Member of the U.S. House of Representatives from Arkansas's 2nd District
- In office March 4, 1859 – March 3, 1861
- Preceded by: Edward A. Warren
- Succeeded by: None (1861–1868) James M. Hinds (Jun.–Oct. 1868)
- In office March 4, 1855 – March 3, 1857
- Preceded by: Edward A. Warren
- Succeeded by: Edward A. Warren

Member of the Arkansas House of Representatives from Union County
- In office November 1, 1852 – November 6, 1854 Serving with T. Bustian; A. T. Raney; D. Ross;
- Preceded by: L. Murph; C. L. McRae; Shelton Watson;
- Succeeded by: B. R. Matthews; G. Newton; W. E. Powell; John Prince;

7th Speaker of the Arkansas House of Representatives
- In office November 2, 1846 – November 4, 1848
- Governor: Thomas S. Drew
- Preceded by: John S. Roane
- Succeeded by: Edward A. Warren

Member of the Arkansas House of Representatives from Union County
- In office November 7, 1842 – November 4, 1848
- Preceded by: Hiram Smith
- Succeeded by: M. Kesse; J. Reynolds; Shelton Watson;

Personal details
- Born: c. 1818 Fauquier County, Virginia, U.S.
- Died: April 4, 1870 (aged 51–52) Pulaski County, Arkansas, U.S.
- Cause of death: Brain abscess
- Party: Democratic
- Relatives: Dr.

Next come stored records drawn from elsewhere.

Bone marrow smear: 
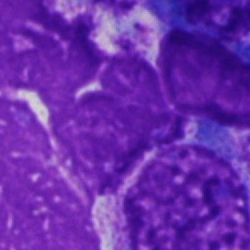
Morphology — artifact.
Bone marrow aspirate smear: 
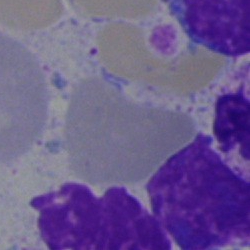 {"cell_type": "artefact"}
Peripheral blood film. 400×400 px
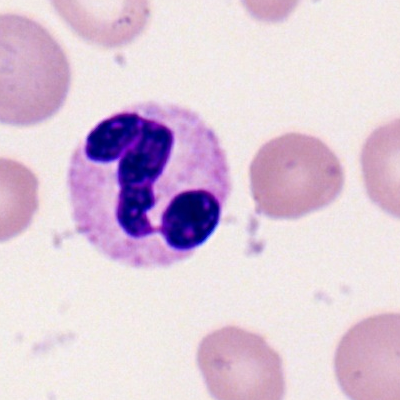 Morphology → polymorphonuclear neutrophil.
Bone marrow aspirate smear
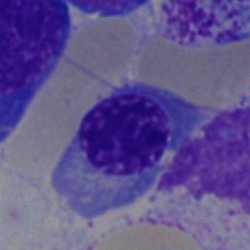{"cell_type": "normoblast"}
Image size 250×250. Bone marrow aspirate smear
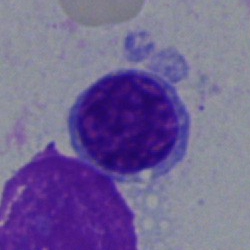 Specimen: bone marrow aspirate smear.
Cell: nucleated red blood cell.
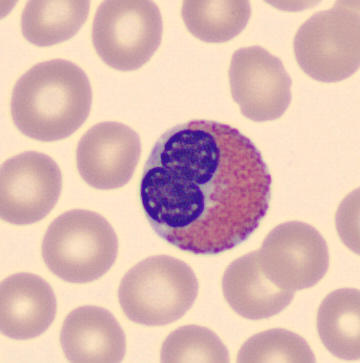
Specimen: peripheral blood smear.
Classification: eosinophilic granulocyte.
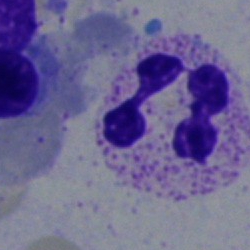 Cell: segmented neutrophil.
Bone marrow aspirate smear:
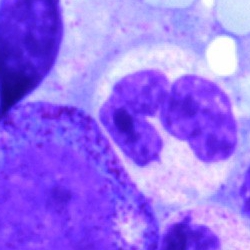Morphological class: segmented neutrophil.
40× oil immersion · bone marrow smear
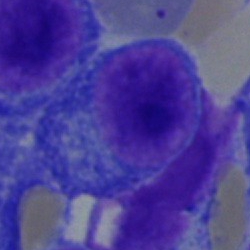
Impression — plasmacyte.
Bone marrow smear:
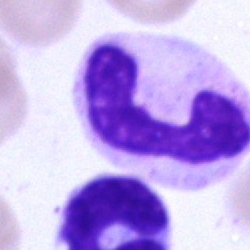
{"cell_type": "band neutrophil", "lineage": "myeloid"}
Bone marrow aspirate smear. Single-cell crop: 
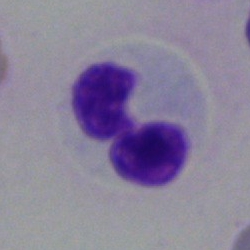

Single cell identified as a neutrophil (segmented).

George W. Rust (brother)

Military service
- Allegiance: Confederate States
- Branch: Confederate States Army
- Years of service: 1861–1865
- Rank: Brigadier-General
- Commands: 3d Arkansas Infantry Regiment (1861–62); Rust's Brigade (1862–63);
- Battles: American Civil War Battle of Cheat Mountain; Battle of Hancock; Action at Hill's Plantation; Battle of Corinth; ;

= Albert Rust =

American politician

Albert Rust (c. 1818 – April 4, 1870) was an American politician and slaveholder, who served as a delegate from Arkansas to the Provisional Congress of the Confederate States from 1861 to 1862. A member of the Democratic Party, he was the U.S. representative from (1859–1861). He also served as a senior officer of the Confederate States Army who commanded infantry in the Eastern, Western, and Trans-Mississippi theaters of the American Civil War.

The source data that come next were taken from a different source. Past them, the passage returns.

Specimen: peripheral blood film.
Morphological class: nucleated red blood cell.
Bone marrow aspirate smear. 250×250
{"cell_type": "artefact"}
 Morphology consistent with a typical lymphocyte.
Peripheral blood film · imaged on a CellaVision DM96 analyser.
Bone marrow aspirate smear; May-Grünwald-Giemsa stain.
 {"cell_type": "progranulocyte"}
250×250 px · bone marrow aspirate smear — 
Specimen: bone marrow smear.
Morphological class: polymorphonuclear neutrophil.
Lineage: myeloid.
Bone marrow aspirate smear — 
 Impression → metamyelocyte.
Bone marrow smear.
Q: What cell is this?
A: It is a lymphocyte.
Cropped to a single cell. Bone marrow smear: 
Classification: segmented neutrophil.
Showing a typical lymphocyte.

== Early life and career ==
Albert Rust was born circa 1818 in Fauquier County, Virginia, to William Rust and his wife Elizabeth; his exact birth date is not known. He was admitted to the bar in 1836 and the following year moved from Virginia to Arkansas, settling in Union County, Arkansas. He bought land and a store near the river in 1837. By 1838, he held the U.S. government contract to survey land in the new state. In 1839, the county seat was moved present day Champagnolle. His storehouse there, the only suitable building, became the courthouse.

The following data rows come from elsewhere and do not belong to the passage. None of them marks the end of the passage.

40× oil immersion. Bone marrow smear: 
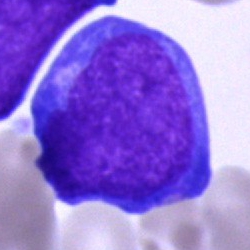 Showing an undifferentiated blast.
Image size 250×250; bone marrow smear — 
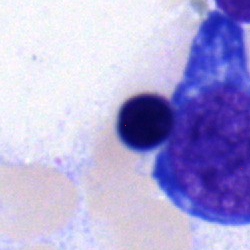 Showing a nucleated red cell.
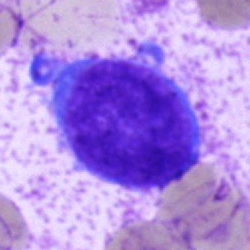

Cell type: blast.
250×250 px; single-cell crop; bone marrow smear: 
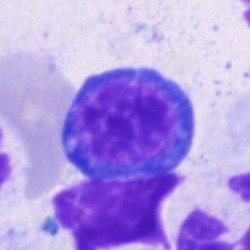Nucleated red cell.
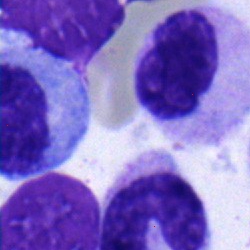

Q: What cell is this?
A: It is a myelocyte.
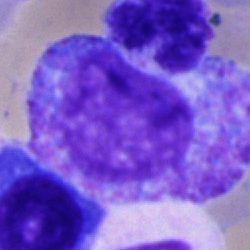

Q: Identify the cell.
A: Progranulocyte.
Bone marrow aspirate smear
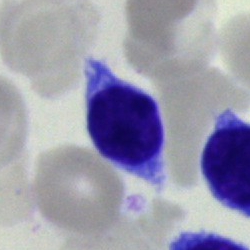Showing a lymphocyte.
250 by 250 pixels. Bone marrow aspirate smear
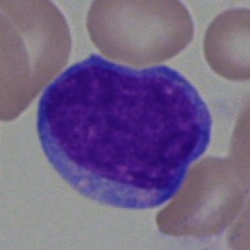Blast cell.
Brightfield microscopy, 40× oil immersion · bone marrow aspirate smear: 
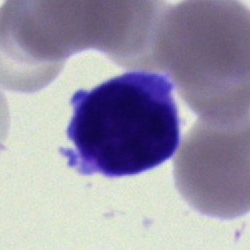
Single cell identified as a typical lymphocyte.
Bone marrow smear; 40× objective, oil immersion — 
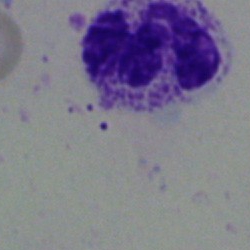
Morphological class: segmented neutrophil.
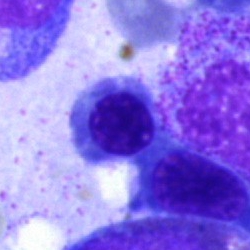 Q: What type of cell is this?
A: An erythroblast.
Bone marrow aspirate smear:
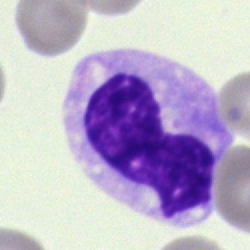
Cell type: band neutrophil.
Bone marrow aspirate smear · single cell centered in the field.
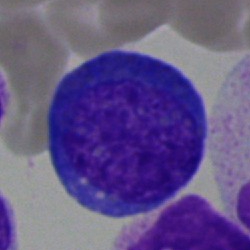Specimen: bone marrow aspirate smear.
Cell: normoblast.
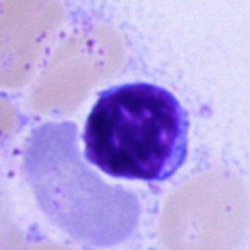
Q: What is shown here?
A: A lymphocyte.
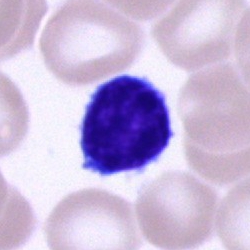The cell shown is a typical lymphocyte.
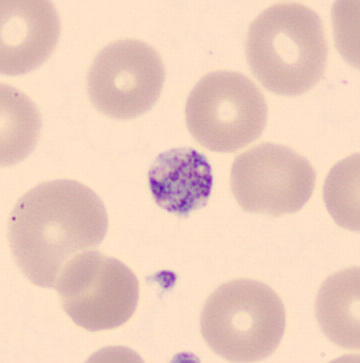 Morphology consistent with a thrombocyte.
Acquisition: Peripheral blood film.
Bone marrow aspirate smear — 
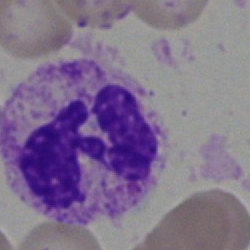

Neutrophil (segmented).
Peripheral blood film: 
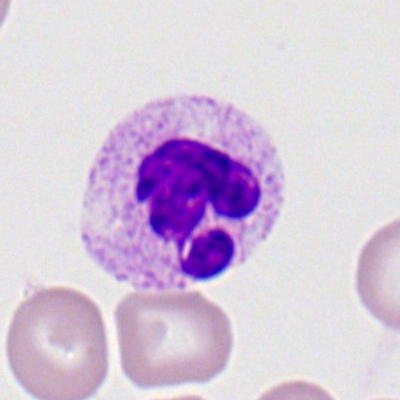

Q: Which cell type is shown here?
A: This is a neutrophil (segmented).

Rust then read law and was admitted to the Arkansas bar. In 1842, he won a seat in the Arkansas House of Representatives, where he was re-elected twice, and also elected 1852–1854. He ran in a special election for an open congressional seat in 1846. He won fourteen counties, yet got only third place. In 1852 he was elected Speaker Pro-Tempore of the Arkansas House of Representatives, a very powerful position. Two years later. Democrats nominated him for United States Congress. He won the general election and went to Washington, D.C.

In 1856, Rust drew public attention for his efforts to oppose Nathaniel P. Banks of Massachusetts, who appeared likely to become Speaker of the House. Banks opposed further extension of slave territory, unlike Rust and his constituents. Rust introduced a resolution inviting all current candidates for the Speakership to withdraw from the contest, which New York Tribune editor Horace Greeley attacked as a deceptive effort to force Banks out of the race. After the Tribune reached Washington, Rust accosted Greeley on the Capitol grounds, hitting him on the head, and later striking him with a heavy cane. According to longtime journalist Benjamin Perley Poore, Rust, at his arraignment in court, "appeared to glory in what he had done," after which Greeley's "more stalwart friends took care that he should not be unaccompanied by a defender when he appeared in public."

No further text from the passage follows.